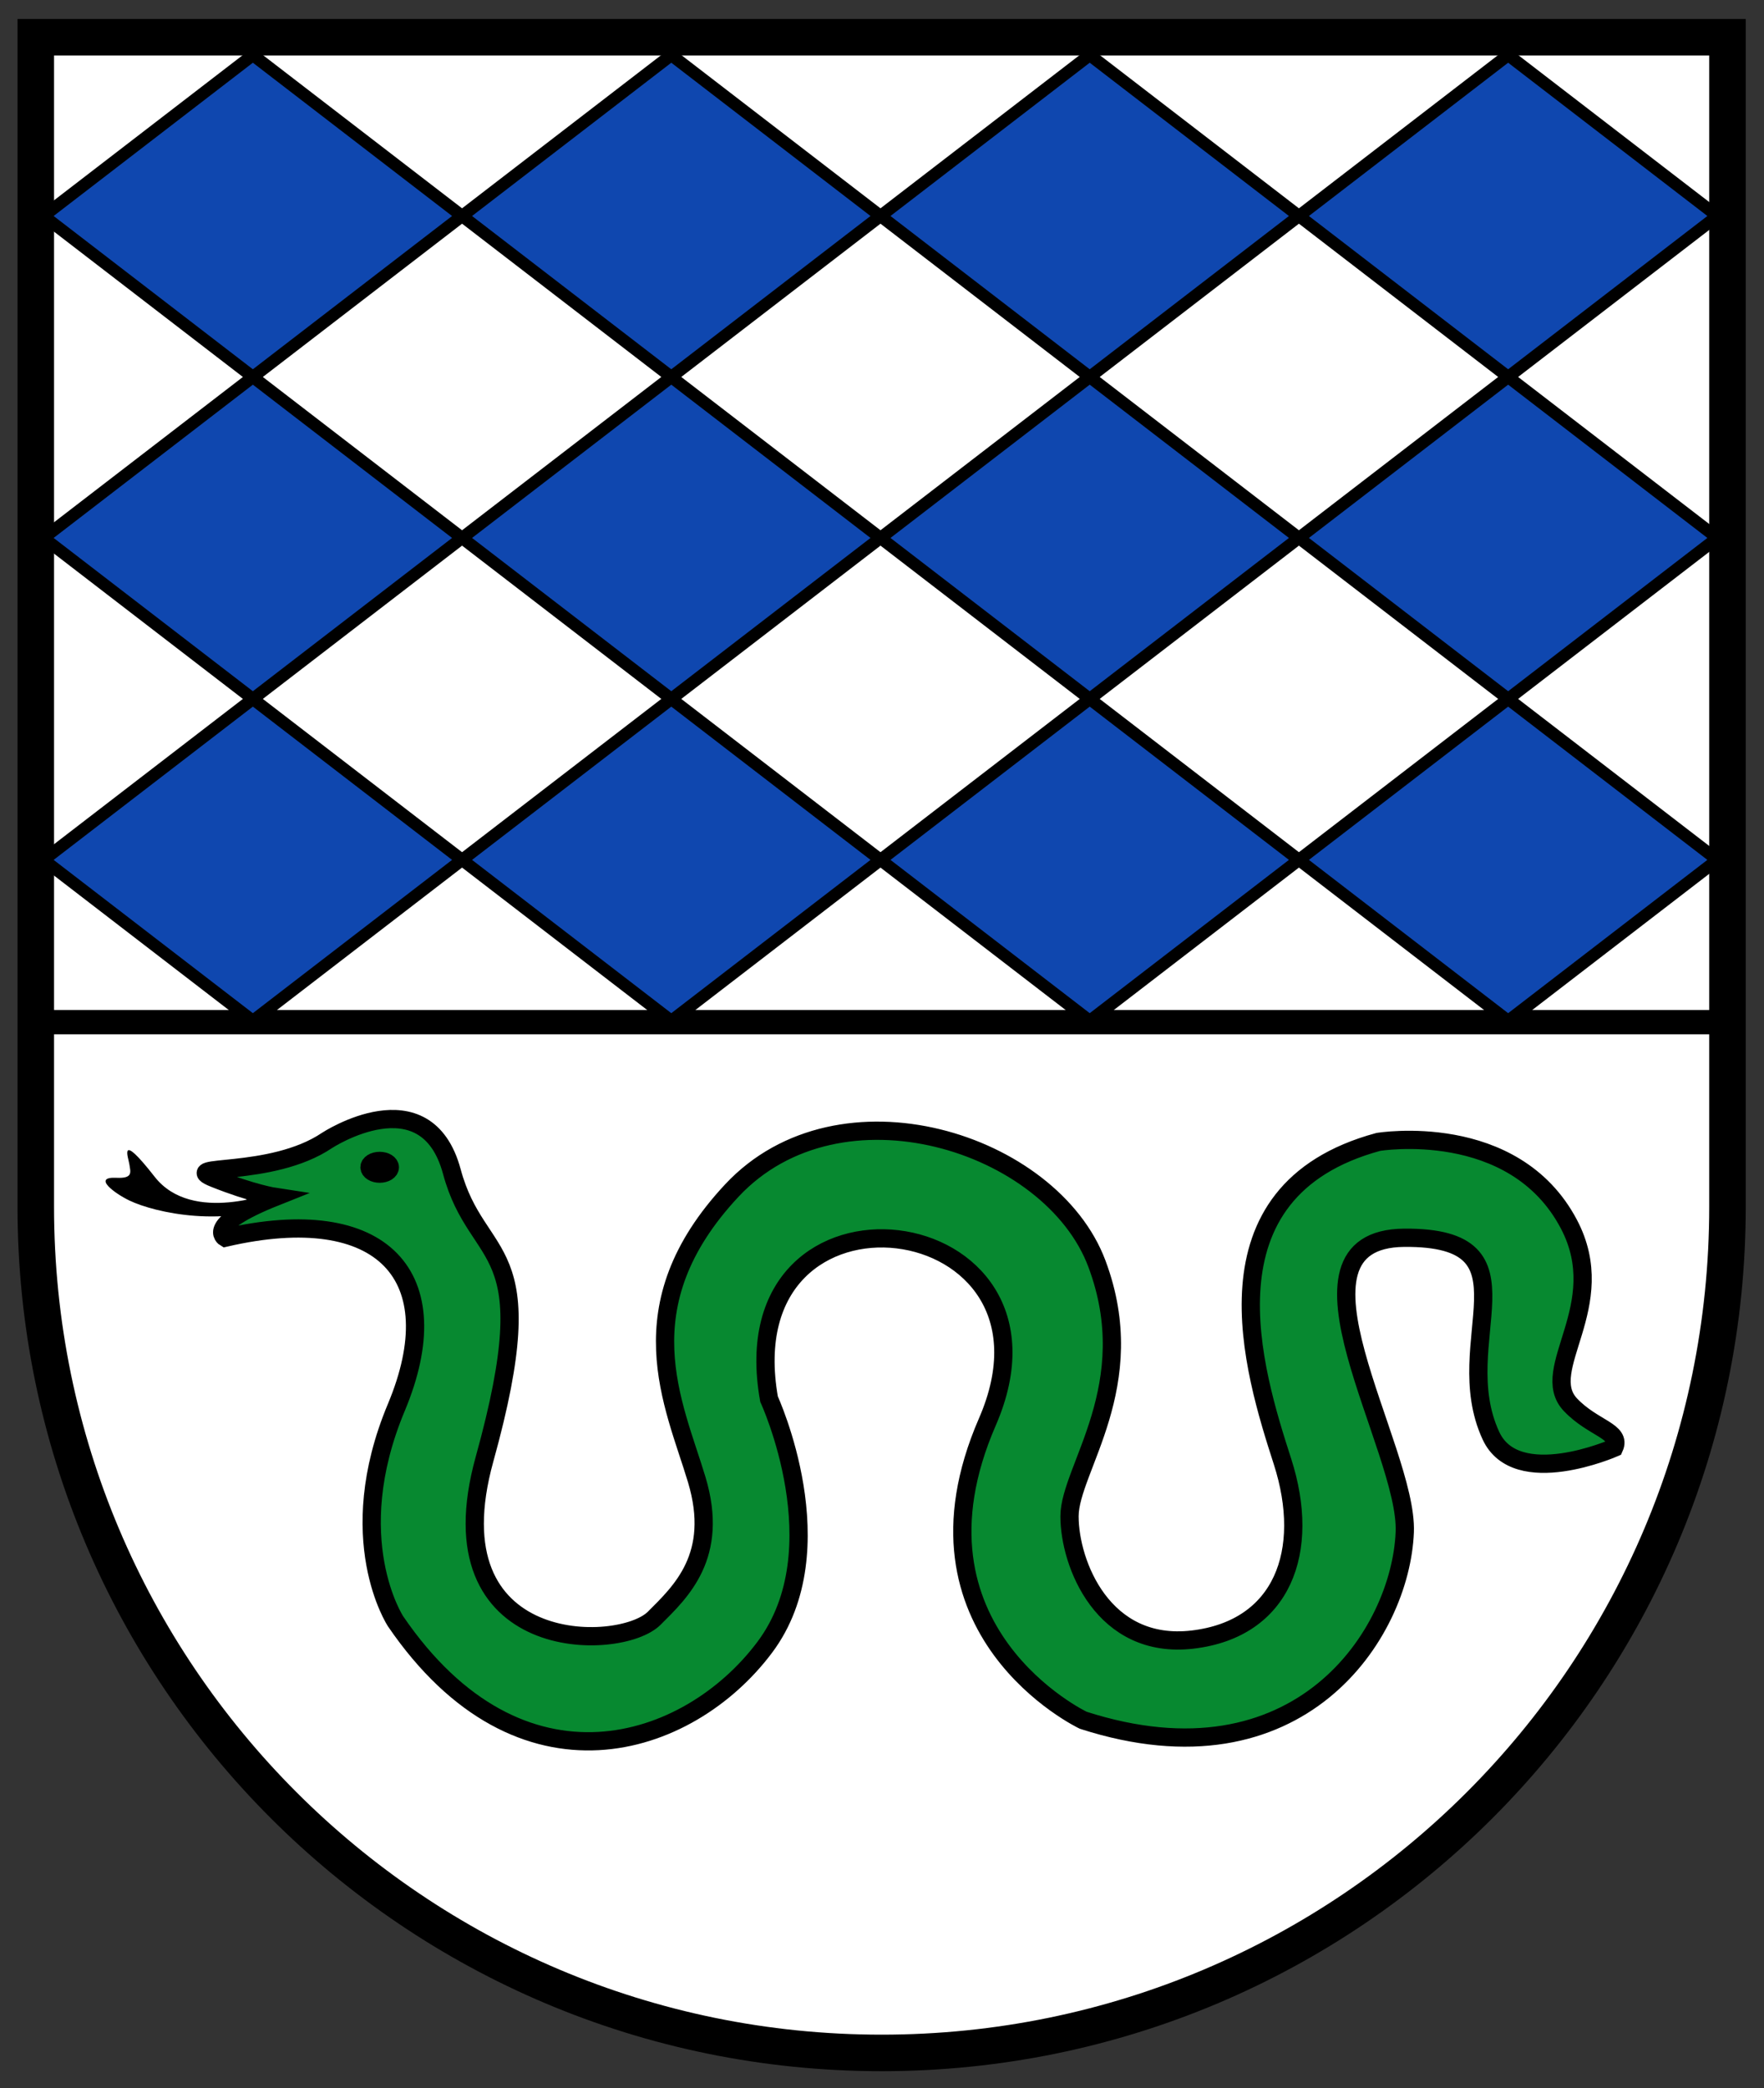 <?xml version="1.0" encoding="UTF-8" standalone="no"?>
<svg
   xmlns:dc="http://purl.org/dc/elements/1.1/"
   xmlns:cc="http://creativecommons.org/ns#"
   xmlns:rdf="http://www.w3.org/1999/02/22-rdf-syntax-ns#"
   xmlns:svg="http://www.w3.org/2000/svg"
   xmlns="http://www.w3.org/2000/svg"
   viewBox="0 0 500 591.635"
   height="591.635"
   width="500"
   xml:space="preserve"
   id="svg2"
   version="1.1"><rect x="0" y="0" width="500" height="591.635" fill="#333333" stroke="none"/><defs
     id="defs6"><clipPath
       id="clipPath2080"
       clipPathUnits="userSpaceOnUse"><path
         id="path2078"
         d="m 35.433,640.594 h 74.06 v 87.91 h -74.06 z" /></clipPath></defs><g
     transform="matrix(1.333,0,0,-1.333,-83.194,725.538)"
     id="g10"><g
       id="g2026"><g
         transform="matrix(4.962,0,0,4.962,-109.68,-3074.579)"
         id="g2074"><g
           clip-path="url(#clipPath2080)"
           id="g2076"><g
             transform="translate(36.215,727.722)"
             id="g2082"><path
               id="path2084"
               style="opacity:1;fill:#ffffff;fill-opacity:1;fill-rule:nonzero;stroke:none"
               d="m 0,0 v -49.044 c 0,0 -0.299,-11.381 4.19,-17.984 4.489,-6.603 10.471,-15.341 22.323,-17.994 11.853,-2.653 21.86,-1.208 31.265,5.762 9.404,6.971 14.717,16.033 14.717,31.125 V 0 Z" /><path
               id="path2086"
               style="opacity:1;fill:none;stroke:#000000;stroke-width:0.782;stroke-linecap:butt;stroke-linejoin:miter;stroke-miterlimit:10;stroke-dasharray:none;stroke-opacity:1"
               d="m 0,0 v -49.044 c 0,0 -0.299,-11.381 4.19,-17.984 4.489,-6.603 10.471,-15.341 22.323,-17.994 11.853,-2.653 21.86,-1.208 31.265,5.762 9.404,6.971 14.717,16.033 14.717,31.125 V 0 Z" /><g
               transform="translate(72.495)"
               id="g2088"><path
                 id="path2090"
                 style="opacity:1;fill:none;stroke:#000000;stroke-width:1.565;stroke-linecap:butt;stroke-linejoin:miter;stroke-miterlimit:10;stroke-dasharray:none;stroke-opacity:1"
                 d="m 0,0 v -50.098 c 0,-20.019 -16.229,-36.247 -36.247,-36.247 -20.02,0 -36.248,16.228 -36.248,36.247 V 0 Z" /><g
                 transform="translate(-72.408,-42.191)"
                 id="g2092"><path
                   id="path2094"
                   style="opacity:1;fill:none;stroke:#000000;stroke-width:1.043;stroke-linecap:butt;stroke-linejoin:miter;stroke-miterlimit:10;stroke-dasharray:none;stroke-opacity:1"
                   d="M 0,0 H 72.495" /><g
                   transform="translate(71.974,34.533)"
                   id="g2096"><path
                     id="path2098"
                     style="opacity:1;fill:#0f47af;fill-opacity:1;fill-rule:nonzero;stroke:none"
                     d="M 0,0 -8.965,-6.895 -17.931,0 -8.965,6.895 Z" /><path
                     id="path2100"
                     style="opacity:1;fill:none;stroke:#000000;stroke-width:0.522;stroke-linecap:butt;stroke-linejoin:miter;stroke-miterlimit:10;stroke-dasharray:none;stroke-opacity:1"
                     d="M 0,0 -8.965,-6.895 -17.931,0 -8.965,6.895 Z" /><g
                     transform="translate(-17.931)"
                     id="g2102"><path
                       id="path2104"
                       style="opacity:1;fill:#0f47af;fill-opacity:1;fill-rule:nonzero;stroke:none"
                       d="M 0,0 -8.965,-6.895 -17.931,0 -8.965,6.895 Z" /><path
                       id="path2106"
                       style="opacity:1;fill:none;stroke:#000000;stroke-width:0.522;stroke-linecap:butt;stroke-linejoin:miter;stroke-miterlimit:10;stroke-dasharray:none;stroke-opacity:1"
                       d="M 0,0 -8.965,-6.895 -17.931,0 -8.965,6.895 Z" /><g
                       transform="translate(-17.931)"
                       id="g2108"><path
                         id="path2110"
                         style="opacity:1;fill:#0f47af;fill-opacity:1;fill-rule:nonzero;stroke:none"
                         d="M 0,0 -8.965,-6.895 -17.931,0 -8.965,6.895 Z" /><path
                         id="path2112"
                         style="opacity:1;fill:none;stroke:#000000;stroke-width:0.522;stroke-linecap:butt;stroke-linejoin:miter;stroke-miterlimit:10;stroke-dasharray:none;stroke-opacity:1"
                         d="M 0,0 -8.965,-6.895 -17.931,0 -8.965,6.895 Z" /><g
                         transform="translate(-17.931)"
                         id="g2114"><path
                           id="path2116"
                           style="opacity:1;fill:#0f47af;fill-opacity:1;fill-rule:nonzero;stroke:none"
                           d="M 0,0 -8.965,-6.895 -17.931,0 -8.965,6.895 Z" /><path
                           id="path2118"
                           style="opacity:1;fill:none;stroke:#000000;stroke-width:0.522;stroke-linecap:butt;stroke-linejoin:miter;stroke-miterlimit:10;stroke-dasharray:none;stroke-opacity:1"
                           d="M 0,0 -8.965,-6.895 -17.931,0 -8.965,6.895 Z" /><g
                           transform="translate(53.793,-13.791)"
                           id="g2120"><path
                             id="path2122"
                             style="opacity:1;fill:#0f47af;fill-opacity:1;fill-rule:nonzero;stroke:none"
                             d="M 0,0 -8.965,-6.895 -17.931,0 -8.965,6.895 Z" /><path
                             id="path2124"
                             style="opacity:1;fill:none;stroke:#000000;stroke-width:0.522;stroke-linecap:butt;stroke-linejoin:miter;stroke-miterlimit:10;stroke-dasharray:none;stroke-opacity:1"
                             d="M 0,0 -8.965,-6.895 -17.931,0 -8.965,6.895 Z" /><g
                             transform="translate(-17.931)"
                             id="g2126"><path
                               id="path2128"
                               style="opacity:1;fill:#0f47af;fill-opacity:1;fill-rule:nonzero;stroke:none"
                               d="M 0,0 -8.965,-6.895 -17.931,0 -8.965,6.895 Z" /><path
                               id="path2130"
                               style="opacity:1;fill:none;stroke:#000000;stroke-width:0.522;stroke-linecap:butt;stroke-linejoin:miter;stroke-miterlimit:10;stroke-dasharray:none;stroke-opacity:1"
                               d="M 0,0 -8.965,-6.895 -17.931,0 -8.965,6.895 Z" /><g
                               transform="translate(-17.931)"
                               id="g2132"><path
                                 id="path2134"
                                 style="opacity:1;fill:#0f47af;fill-opacity:1;fill-rule:nonzero;stroke:none"
                                 d="M 0,0 -8.965,-6.895 -17.931,0 -8.965,6.895 Z" /><path
                                 id="path2136"
                                 style="opacity:1;fill:none;stroke:#000000;stroke-width:0.522;stroke-linecap:butt;stroke-linejoin:miter;stroke-miterlimit:10;stroke-dasharray:none;stroke-opacity:1"
                                 d="M 0,0 -8.965,-6.895 -17.931,0 -8.965,6.895 Z" /><g
                                 transform="translate(-17.931)"
                                 id="g2138"><path
                                   id="path2140"
                                   style="opacity:1;fill:#0f47af;fill-opacity:1;fill-rule:nonzero;stroke:none"
                                   d="M 0,0 -8.965,-6.895 -17.931,0 -8.965,6.895 Z" /><path
                                   id="path2142"
                                   style="opacity:1;fill:none;stroke:#000000;stroke-width:0.522;stroke-linecap:butt;stroke-linejoin:miter;stroke-miterlimit:10;stroke-dasharray:none;stroke-opacity:1"
                                   d="M 0,0 -8.965,-6.895 -17.931,0 -8.965,6.895 Z" /><g
                                   transform="translate(53.793,-13.791)"
                                   id="g2144"><path
                                   id="path2146"
                                   style="opacity:1;fill:#0f47af;fill-opacity:1;fill-rule:nonzero;stroke:none"
                                   d="M 0,0 -8.965,-6.895 -17.931,0 -8.965,6.895 Z" /><path
                                   id="path2148"
                                   style="opacity:1;fill:none;stroke:#000000;stroke-width:0.522;stroke-linecap:butt;stroke-linejoin:miter;stroke-miterlimit:10;stroke-dasharray:none;stroke-opacity:1"
                                   d="M 0,0 -8.965,-6.895 -17.931,0 -8.965,6.895 Z" /><g
                                   transform="translate(-17.931)"
                                   id="g2150"><path
                                   id="path2152"
                                   style="opacity:1;fill:#0f47af;fill-opacity:1;fill-rule:nonzero;stroke:none"
                                   d="M 0,0 -8.965,-6.895 -17.931,0 -8.965,6.895 Z" /><path
                                   id="path2154"
                                   style="opacity:1;fill:none;stroke:#000000;stroke-width:0.522;stroke-linecap:butt;stroke-linejoin:miter;stroke-miterlimit:10;stroke-dasharray:none;stroke-opacity:1"
                                   d="M 0,0 -8.965,-6.895 -17.931,0 -8.965,6.895 Z" /><g
                                   transform="translate(-17.931)"
                                   id="g2156"><path
                                   id="path2158"
                                   style="opacity:1;fill:#0f47af;fill-opacity:1;fill-rule:nonzero;stroke:none"
                                   d="M 0,0 -8.965,-6.895 -17.931,0 -8.965,6.895 Z" /><path
                                   id="path2160"
                                   style="opacity:1;fill:none;stroke:#000000;stroke-width:0.522;stroke-linecap:butt;stroke-linejoin:miter;stroke-miterlimit:10;stroke-dasharray:none;stroke-opacity:1"
                                   d="M 0,0 -8.965,-6.895 -17.931,0 -8.965,6.895 Z" /><g
                                   transform="translate(-17.931)"
                                   id="g2162"><path
                                   id="path2164"
                                   style="opacity:1;fill:#0f47af;fill-opacity:1;fill-rule:nonzero;stroke:none"
                                   d="M 0,0 -8.965,-6.895 -17.931,0 -8.965,6.895 Z" /><path
                                   id="path2166"
                                   style="opacity:1;fill:none;stroke:#000000;stroke-width:0.522;stroke-linecap:butt;stroke-linejoin:miter;stroke-miterlimit:10;stroke-dasharray:none;stroke-opacity:1"
                                   d="M 0,0 -8.965,-6.895 -17.931,0 -8.965,6.895 Z" /><g
                                   transform="translate(-8.011,-14.21)"
                                   id="g2168"><path
                                   id="path2170"
                                   style="opacity:1;fill:#000000;fill-opacity:1;fill-rule:nonzero;stroke:none"
                                   d="m 0,0 c 0,0 -3.545,-1.432 -5.161,0.634 -1.584,2.025 -1.122,0.792 -1.087,0.545 0.049,-0.337 0.18,-0.622 -0.554,-0.587 -1.054,0.051 -0.068,-0.676 0.565,-0.977 1.087,-0.517 4.118,-1.212 6.791,-0.028 0,0 0.1,0.556 -0.554,0.413" /><g
                                   transform="translate(57.381,-10.974)"
                                   id="g2172"><path
                                   id="path2174"
                                   style="opacity:1;fill:#078930;fill-opacity:1;fill-rule:nonzero;stroke:none"
                                   d="m 0,0 c 0,0 -4.189,-1.842 -5.281,0.522 -1.866,4.039 2.217,8.524 -3.716,8.475 -5.675,-0.047 0.17,-9.022 0.025,-12.605 -0.177,-4.389 -4.537,-11.039 -13.781,-8.062 0,0 -8.01,3.806 -4.107,12.778 4.042,9.29 -11.181,11.246 -9.355,0.978 0,0 2.966,-6.421 -0.181,-10.626 -3.275,-4.377 -10.478,-6.715 -15.824,1.108 0,0 -2.324,3.531 0.032,9.16 2.347,5.606 -0.554,8.839 -7.334,7.272 0,0 -0.913,0.529 2.141,1.746 0,0 -0.966,0.146 -2.596,0.797 -1.629,0.652 2.411,-0.004 4.823,1.626 0,0 4.238,2.771 5.346,-1.336 1.108,-4.108 4.042,-2.804 1.402,-12.313 -2.342,-8.439 5.797,-8.29 7.269,-6.822 1.139,1.137 2.803,2.673 1.825,5.933 -0.978,3.26 -3.129,7.432 1.5,12.387 4.628,4.954 13.69,2.086 15.646,-3.13 1.956,-5.215 -1.173,-8.801 -1.173,-10.822 0,-2.021 1.434,-5.737 5.28,-5.28 3.847,0.456 5.085,3.781 3.847,7.627 -1.239,3.847 -3.673,11.583 4.107,13.691 0,0 5.802,0.961 8.165,-3.521 C -0.092,6.081 -3.309,3.357 -1.872,1.844 -0.901,0.821 0.326,0.717 0,0" /><path
                                   id="path2176"
                                   style="opacity:1;fill:none;stroke:#000000;stroke-width:0.782;stroke-linecap:butt;stroke-linejoin:miter;stroke-miterlimit:10;stroke-dasharray:none;stroke-opacity:1"
                                   d="m 0,0 c 0,0 -4.189,-1.842 -5.281,0.522 -1.866,4.039 2.217,8.524 -3.716,8.475 -5.675,-0.047 0.17,-9.022 0.025,-12.605 -0.177,-4.389 -4.537,-11.039 -13.781,-8.062 0,0 -8.01,3.806 -4.107,12.778 4.042,9.29 -11.181,11.246 -9.355,0.978 0,0 2.966,-6.421 -0.181,-10.626 -3.275,-4.377 -10.478,-6.715 -15.824,1.108 0,0 -2.324,3.531 0.032,9.16 2.347,5.606 -0.554,8.839 -7.334,7.272 0,0 -0.913,0.529 2.141,1.746 0,0 -0.966,0.146 -2.596,0.797 -1.629,0.652 2.411,-0.004 4.823,1.626 0,0 4.238,2.771 5.346,-1.336 1.108,-4.108 4.042,-2.804 1.402,-12.313 -2.342,-8.439 5.797,-8.29 7.269,-6.822 1.139,1.137 2.803,2.673 1.825,5.933 -0.978,3.26 -3.129,7.432 1.5,12.387 4.628,4.954 13.69,2.086 15.646,-3.13 1.956,-5.215 -1.173,-8.801 -1.173,-10.822 0,-2.021 1.434,-5.737 5.28,-5.28 3.847,0.456 5.085,3.781 3.847,7.627 -1.239,3.847 -3.673,11.583 4.107,13.691 0,0 5.802,0.961 8.165,-3.521 C -0.092,6.081 -3.309,3.357 -1.872,1.844 -0.901,0.821 0.326,0.717 0,0 Z" /><g
                                   transform="translate(-53.337,12.016)"
                                   id="g2178"><path
                                   id="path2180"
                                   style="opacity:1;fill:none;stroke:#000000;stroke-width:0.782;stroke-linecap:butt;stroke-linejoin:miter;stroke-miterlimit:10;stroke-dasharray:none;stroke-opacity:1"
                                   d="m 0,0 c 0,-0.151 0.195,-0.273 0.436,-0.273 0.241,0 0.436,0.122 0.436,0.273 0,0.151 -0.195,0.273 -0.436,0.273 C 0.195,0.273 0,0.151 0,0 Z" /></g></g></g></g></g></g></g></g></g></g></g></g></g></g></g></g></g></g></g></g></g></g></svg>

------------------------------------

EXERCISE REQUIREMENTS » Check each line of the entries above for the string "height", and return those that contain it.

OUTPUT BELOW »
   height="591.635"
   version="1.1"><rect x="0" y="0" width="500" height="591.635" fill="#333333" stroke="none"/><defs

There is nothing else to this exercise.